Load-bearing premise
The sparse auto-encoder delivers reliable biological interpretation when validated only on DNABERT-2 and may not generalize or yield falsifiable predictions on other genomic models.
What would settle it
Applying the same sparse auto-encoder to a different genomic foundation model and finding that recovered features fail to match known regulatory motifs or produce non-reproducible biological annotations would show the interpreter does not generalize.
Figures
read the original abstract
We introduce Genome-Factory, the first integrated Python library for tuning, deploying, and interpreting genomic foundation models. Our core contribution is to simplify and unify the workflow for genomic model development: data collection, model tuning, inference, benchmarking, and interpretability. For data collection, Genome-Factory offers an automated pipeline to download genomic sequences and preprocess them. For model tuning, Genome-Factory supports both full and parameter-efficient fine-tuning across diverse genomic models. For inference, Genome-Factory enables both embedding extraction and DNA sequence generation. For benchmarking, we include two existing benchmarks and provide a flexible interface to incorporate additional benchmarks. For interpretability, Genome-Factory introduces an open-source biological interpreter based on a sparse auto-encoder. We validate the utility of Genome-Factory across three dimensions: (i) Compatibility with diverse models and fine-tuning methods; (ii) Benchmarking downstream performance using two open-source benchmarks; (iii) Biological interpretation of learned representations with DNABERT-2. These results highlight its practical value for real-world genomic analysis. GitHub: https://github.com/WeiminWu2000/Genome_Factory.
Editorial analysis
A structured set of objections, weighed in public.
Referee Report
Summary. The manuscript introduces Genome-Factory, the first integrated Python library for genomic foundation models. It unifies data collection and preprocessing pipelines, full and parameter-efficient fine-tuning across multiple models, inference for embeddings and sequence generation, benchmarking interfaces, and an open-source biological interpreter based on a sparse auto-encoder. Utility is shown via three validation axes: compatibility with diverse models and tuning methods, downstream performance on two existing benchmarks, and biological interpretation of representations from DNABERT-2.

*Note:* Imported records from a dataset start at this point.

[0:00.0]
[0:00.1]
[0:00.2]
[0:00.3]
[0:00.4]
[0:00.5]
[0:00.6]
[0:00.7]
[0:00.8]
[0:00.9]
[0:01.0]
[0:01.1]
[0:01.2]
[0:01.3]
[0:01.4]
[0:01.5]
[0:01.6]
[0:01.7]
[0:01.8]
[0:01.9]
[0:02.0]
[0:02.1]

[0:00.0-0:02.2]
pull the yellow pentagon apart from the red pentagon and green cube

Significance. If the library and its components function as described, the work would offer a practical, unified toolkit that reduces fragmentation in genomic model development workflows. The open-source release, support for both full and PEFT tuning, and inclusion of an interpretability module represent concrete contributions to the community. The GitHub repository further enables reproducibility and extension.
major comments (1)
- The biological interpreter based on the sparse auto-encoder is validated exclusively with DNABERT-2. The manuscript positions the library for compatibility with a range of genomic models (including those used for full/PEFT tuning and embedding extraction), yet provides no results demonstrating that the same interpreter yields reliable or generalizable biological interpretations on other models. This weakens the claim of a unified interpretability workflow.
minor comments (2)
- The abstract asserts that Genome-Factory is 'the first integrated' library but does not reference or compare against prior tools for genomic model handling; a short related-work paragraph would strengthen the novelty claim.

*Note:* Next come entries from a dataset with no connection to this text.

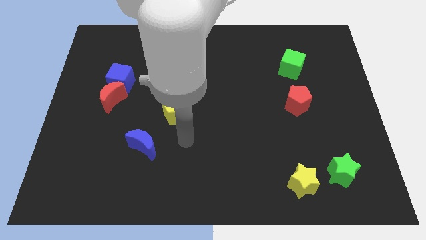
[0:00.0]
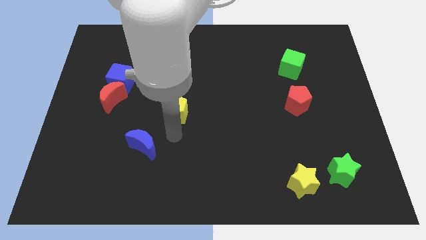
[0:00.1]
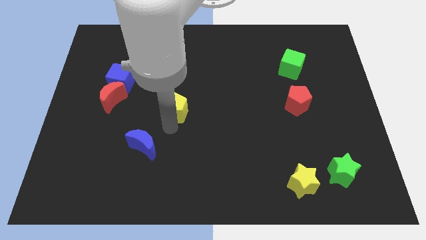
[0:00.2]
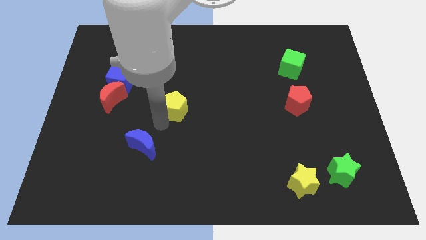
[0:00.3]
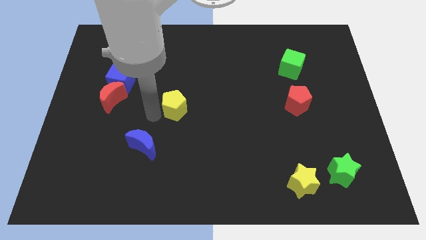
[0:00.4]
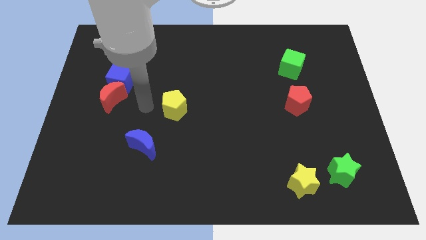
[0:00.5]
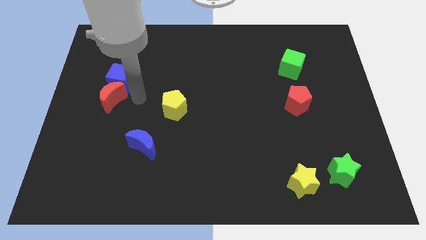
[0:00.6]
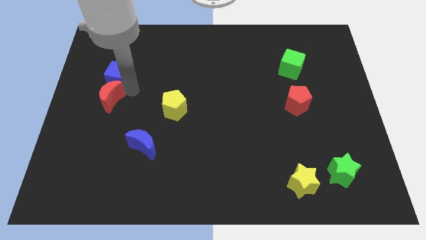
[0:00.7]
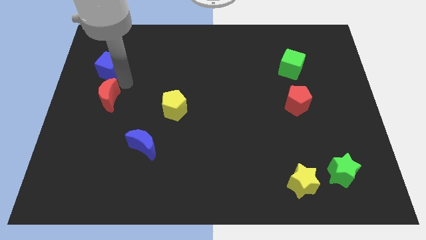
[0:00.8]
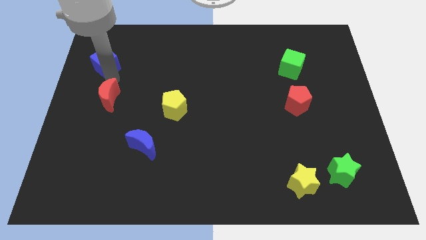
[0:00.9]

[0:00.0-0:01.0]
separate the red moon from the blue cube

- Quantitative performance numbers, error analysis, or baseline comparisons for the benchmarking and tuning components are not summarized in the abstract; ensure these are clearly reported with tables or figures in the main text.

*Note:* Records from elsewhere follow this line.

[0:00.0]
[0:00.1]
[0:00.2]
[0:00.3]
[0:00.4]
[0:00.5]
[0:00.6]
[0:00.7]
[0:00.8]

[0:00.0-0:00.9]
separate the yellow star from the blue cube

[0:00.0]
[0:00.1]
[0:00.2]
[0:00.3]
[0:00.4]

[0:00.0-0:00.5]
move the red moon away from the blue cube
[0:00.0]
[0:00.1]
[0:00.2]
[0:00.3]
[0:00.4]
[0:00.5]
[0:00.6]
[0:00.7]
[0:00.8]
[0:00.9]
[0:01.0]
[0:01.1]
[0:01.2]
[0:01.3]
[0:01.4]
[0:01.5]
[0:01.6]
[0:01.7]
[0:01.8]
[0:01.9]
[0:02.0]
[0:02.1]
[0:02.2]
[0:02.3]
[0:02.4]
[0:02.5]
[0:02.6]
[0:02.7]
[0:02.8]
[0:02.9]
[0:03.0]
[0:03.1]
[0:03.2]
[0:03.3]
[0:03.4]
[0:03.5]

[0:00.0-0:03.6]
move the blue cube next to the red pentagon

Simulated Author's Rebuttal
We thank the referee for their constructive feedback. We address the single major comment below and will revise the manuscript to better delineate the current scope of the interpretability module.
read point-by-point responses
-
Referee: The biological interpreter based on the sparse auto-encoder is validated exclusively with DNABERT-2. The manuscript positions the library for compatibility with a range of genomic models (including those used for full/PEFT tuning and embedding extraction), yet provides no results demonstrating that the same interpreter yields reliable or generalizable biological interpretations on other models. This weakens the claim of a unified interpretability workflow.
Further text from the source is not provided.